[[ Material shown open ]]

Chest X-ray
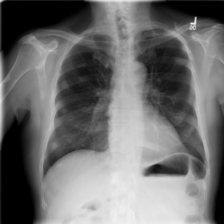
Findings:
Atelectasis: negative
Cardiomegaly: negative
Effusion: negative
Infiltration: negative
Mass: negative
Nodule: negative
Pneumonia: negative
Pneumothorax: negative
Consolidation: negative
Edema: negative
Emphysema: negative
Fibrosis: negative
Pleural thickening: negative
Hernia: negative
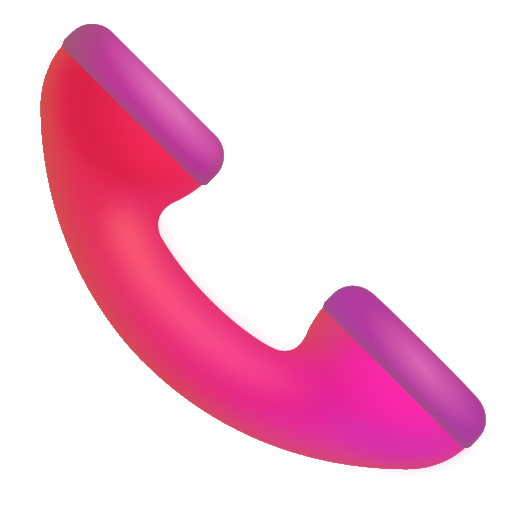
telephone receiver color
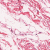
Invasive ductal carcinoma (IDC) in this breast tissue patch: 0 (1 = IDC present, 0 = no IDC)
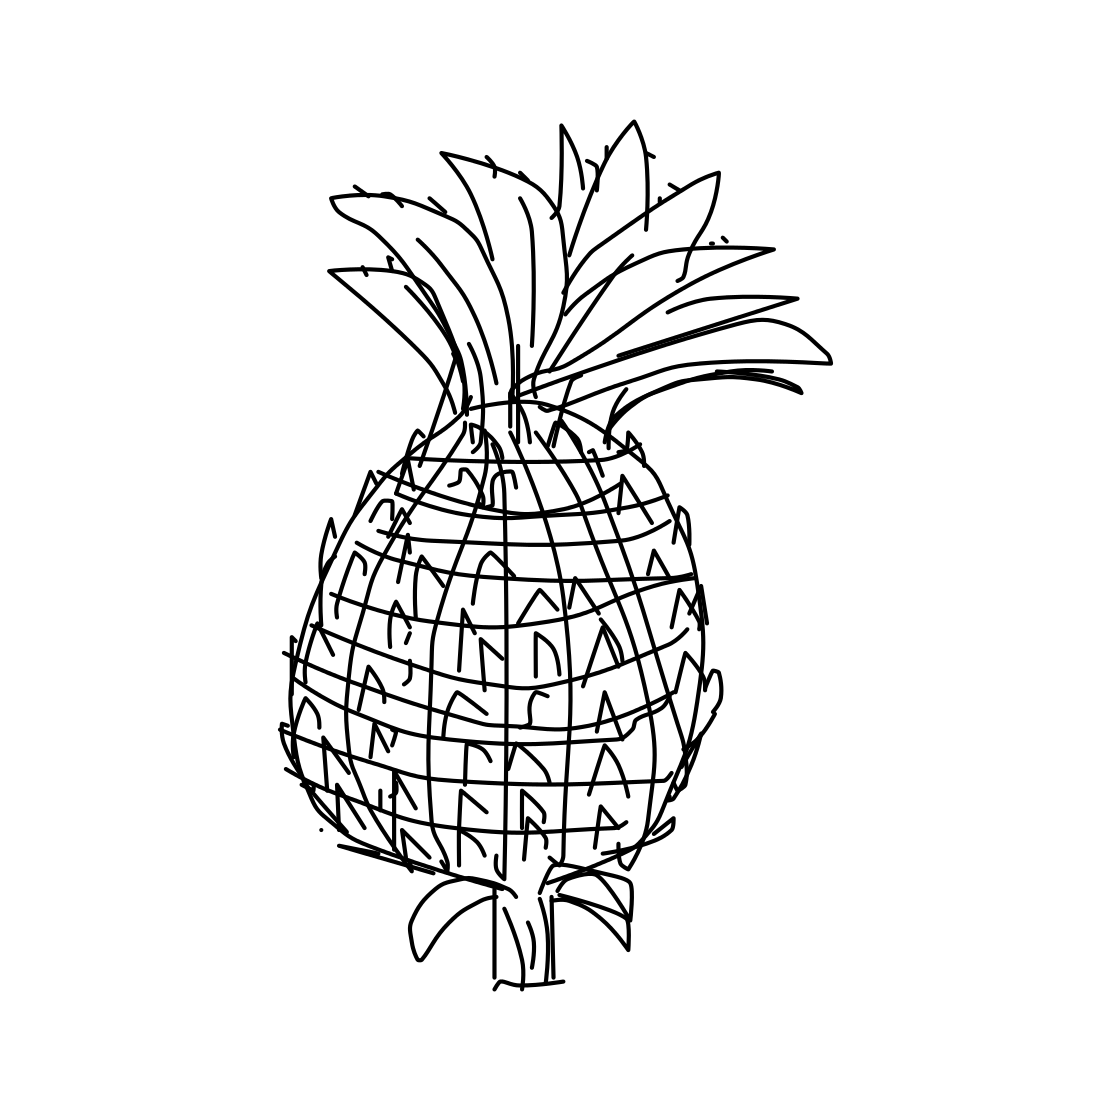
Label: pineapple
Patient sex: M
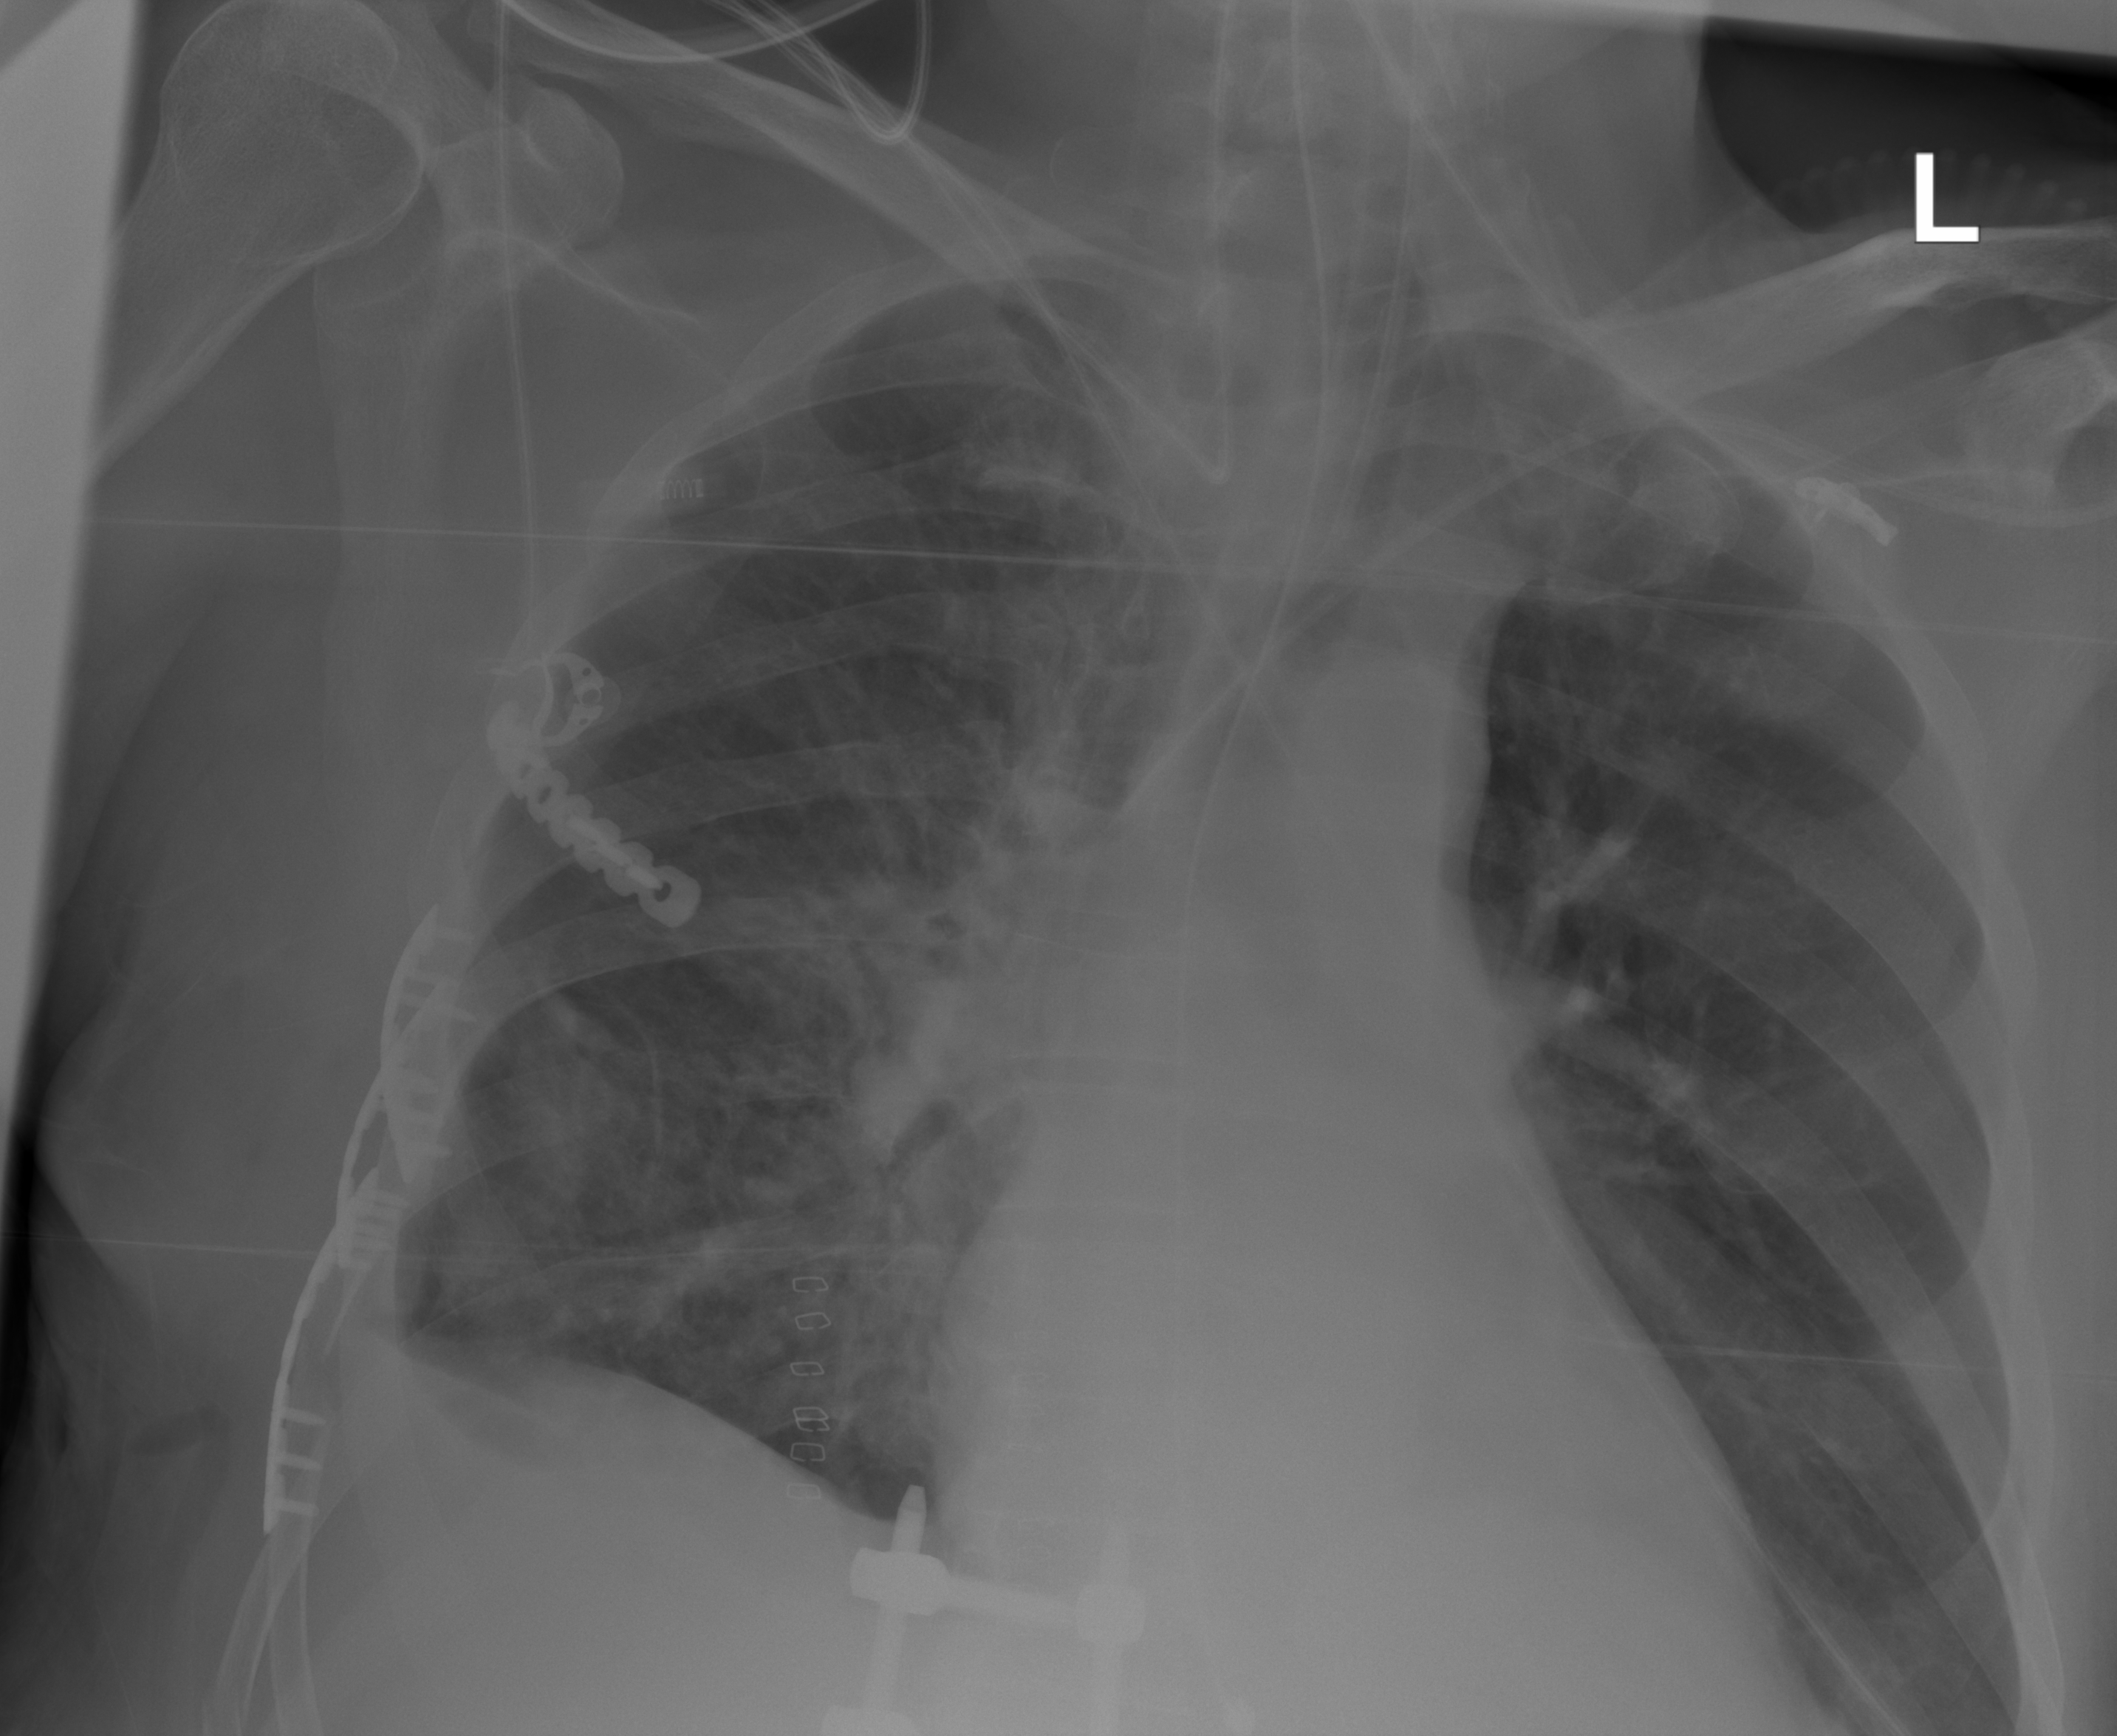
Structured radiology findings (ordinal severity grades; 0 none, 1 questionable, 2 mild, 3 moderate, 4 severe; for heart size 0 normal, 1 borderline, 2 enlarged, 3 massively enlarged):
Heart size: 0
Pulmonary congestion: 0
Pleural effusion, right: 2
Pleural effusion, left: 0
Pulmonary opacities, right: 2
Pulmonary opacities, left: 0
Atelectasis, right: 2
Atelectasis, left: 0

[[ Material shown closed ]]

Determine how many lines of the data contain "left" and give nothing but that number.

(Reply to the task):
3